Messrs. Joseph J. Darlington and William F. Mattingly for plaintiff in error.

[Argument of Counsel from pages 349-350 intentionally omitted] Mr. John S. Low, guardian, in propria persona.

[Argument of Counsel from pages 350-352 intentionally omitted] Mr. Justice Brown delivered the opinion of the court:

The writ of prohibition was demanded upon the ground that there was no cause pending in the circuit court of the first circuit, to which the motion and petition of Low, as next friend, was incidental or ancillary, and that Judge Gear, sitting at chambers, was hearing questions of a judicial nature entirely independent of any cause pending in that court.

The single question presented by the record is whether the statutes of the territory of Hawaii, purporting to confer upon the judges of the several courts, at chambers, within their respective jurisdictions, judicial power not incident or ancillary to some cause pending before a court, were in conflict with § 81 of the act of Congress approved April 30, 1900 (31 Stat. at L. 141, chap. 339), commonly known as the organic act of the territory.
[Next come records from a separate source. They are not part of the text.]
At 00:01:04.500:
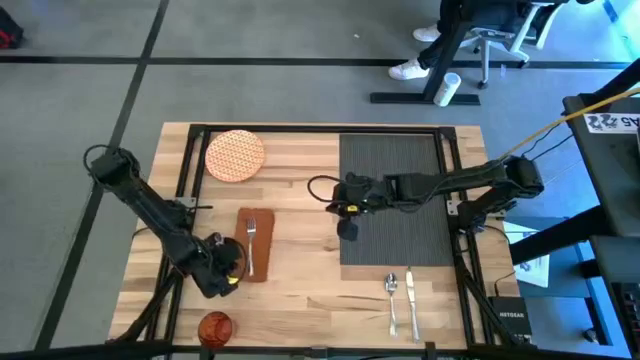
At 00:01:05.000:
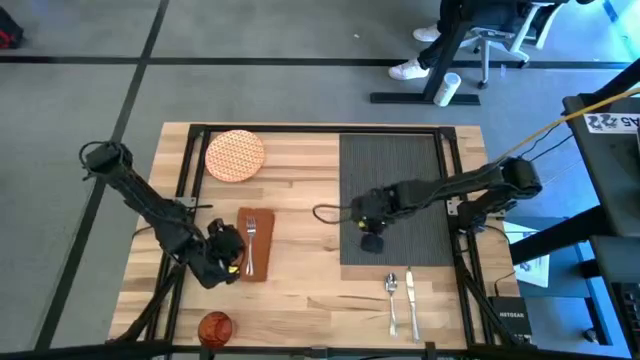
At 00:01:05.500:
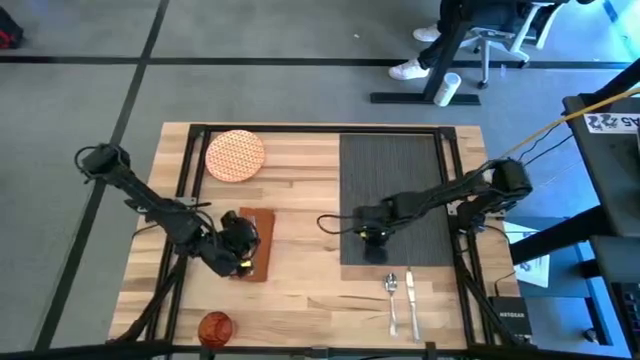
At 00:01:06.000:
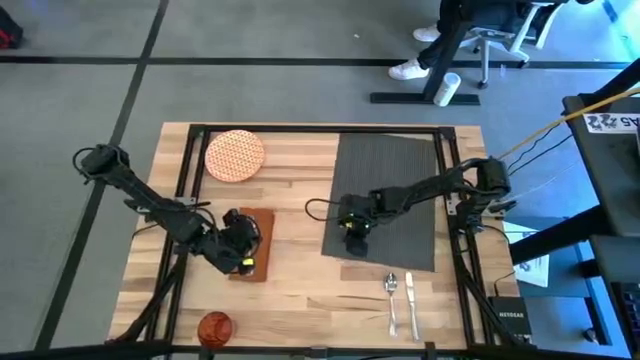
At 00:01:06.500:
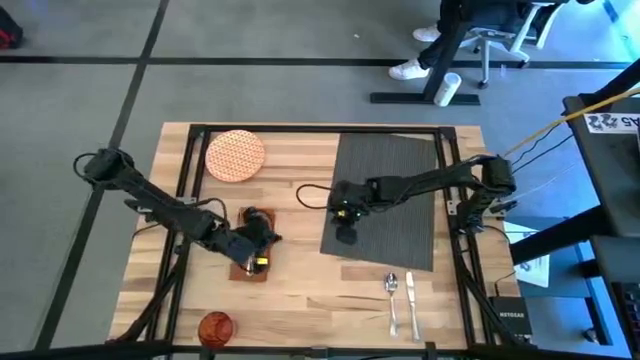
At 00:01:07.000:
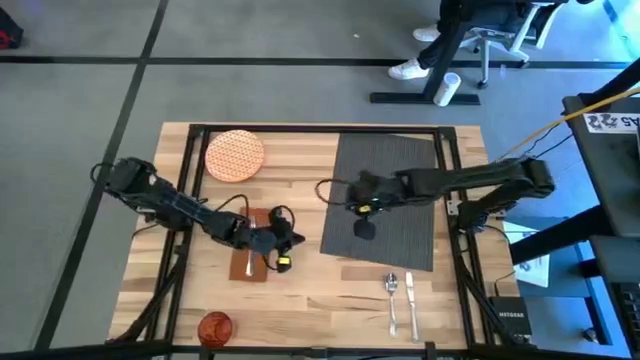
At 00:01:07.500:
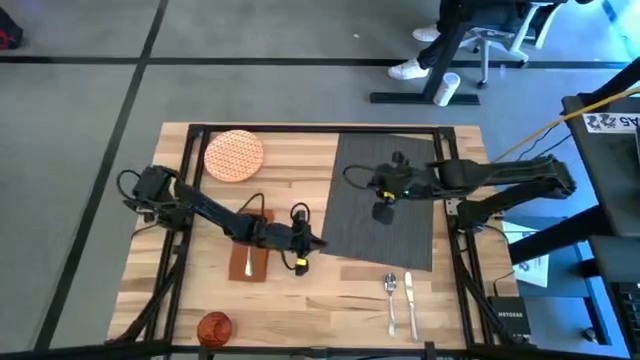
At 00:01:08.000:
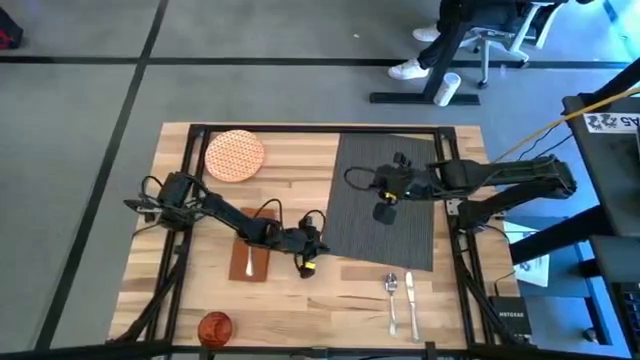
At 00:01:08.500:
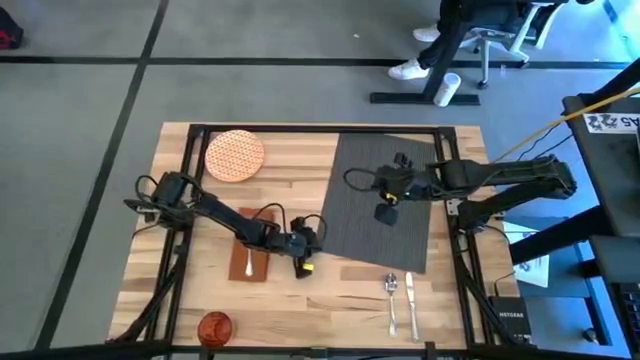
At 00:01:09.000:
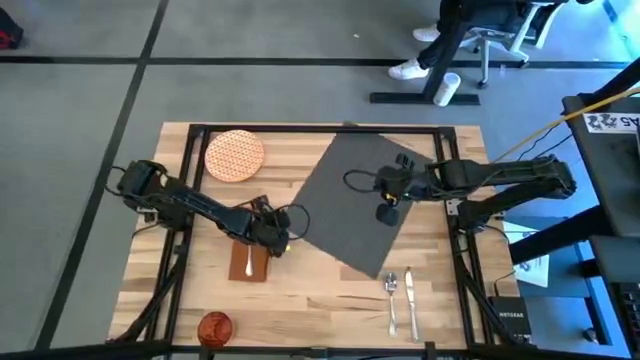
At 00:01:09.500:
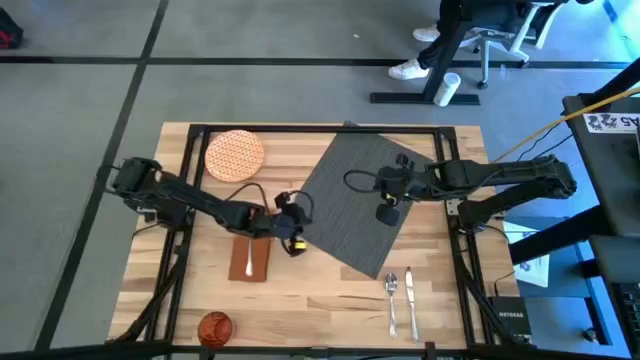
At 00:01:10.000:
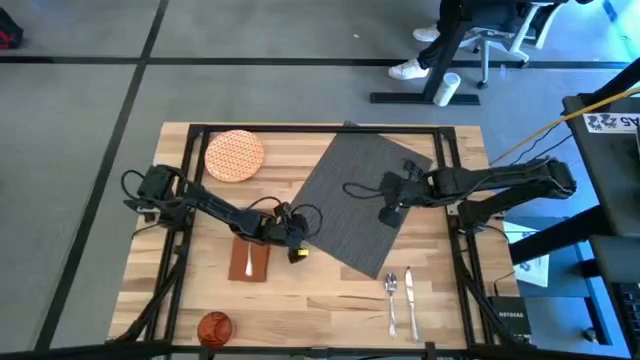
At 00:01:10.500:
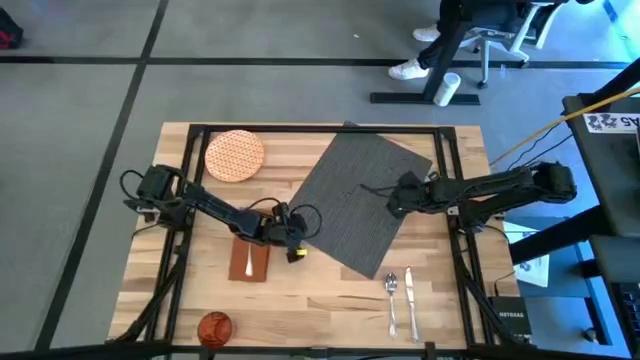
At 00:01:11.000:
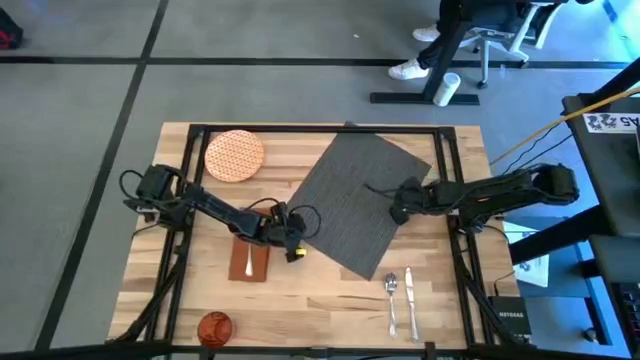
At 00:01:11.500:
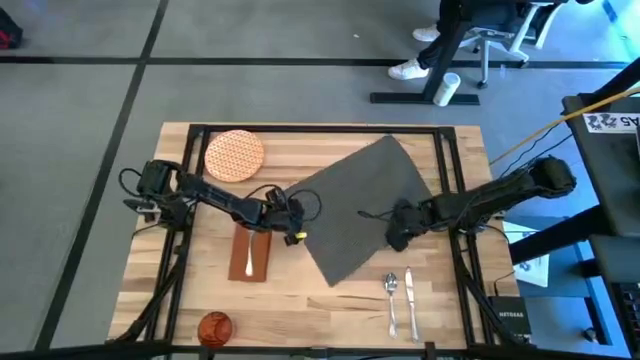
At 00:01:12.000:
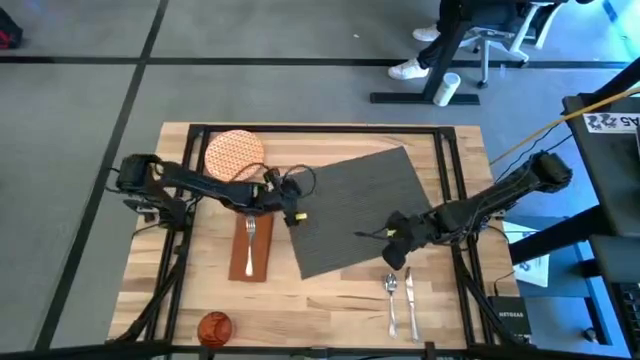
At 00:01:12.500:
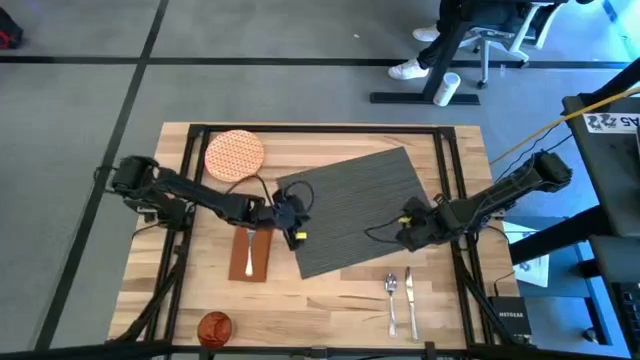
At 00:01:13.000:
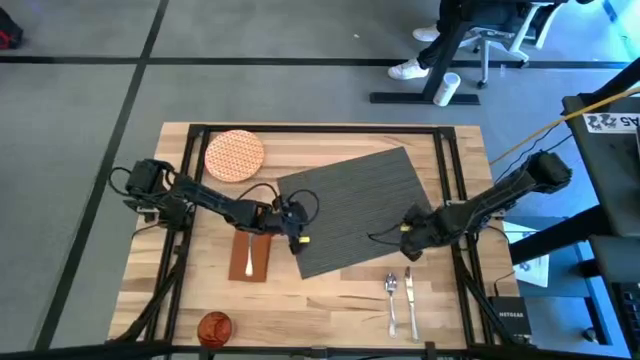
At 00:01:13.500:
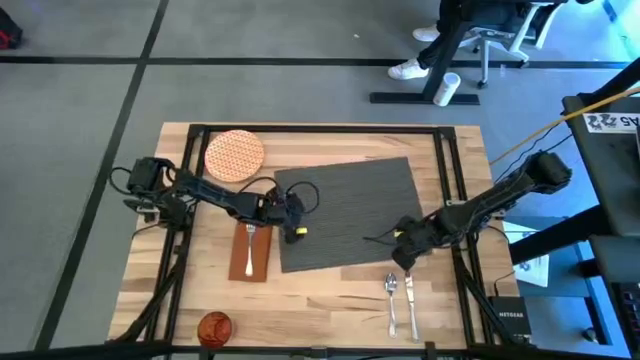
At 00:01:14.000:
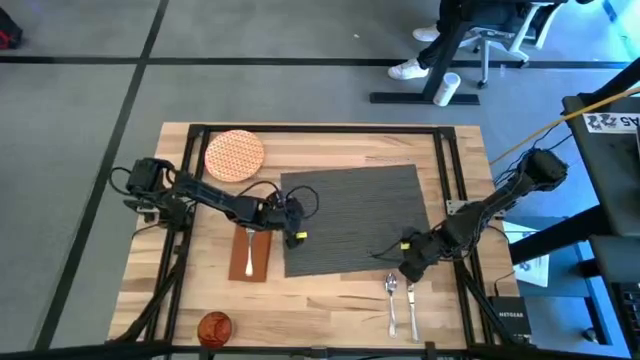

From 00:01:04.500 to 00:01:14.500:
Task: Set table place
Move the gray tablemat to the center

This section, page 157, enacts that 'the judicial power of the territory shall be vested in one supreme court, circuit courts, and in such inferior courts as the legislature may from time to time establish. And, until the legislature shall otherwise provide, the laws of Hawaii heretofore in force concerning the several courts and their jurisdiction and procedure shall continue in force, except as herein otherwise provided.'

At the time the act of Congress was passed there was in force in the territory of Hawaii an act known as chapter 57 of the Laws of 1892, the 37th section of which gave to the judges of the several circuit courts, at chambers, very ample powers in admiralty, equity, bankruptcy, and probate causes, among which were proceedings 'to remove any executor, administrator, or guardian.' This act was conceded to be sufficient to justify the action of Judge Gear in removing the guardian in this case. It was substantially re-enacted with amendments in 1903.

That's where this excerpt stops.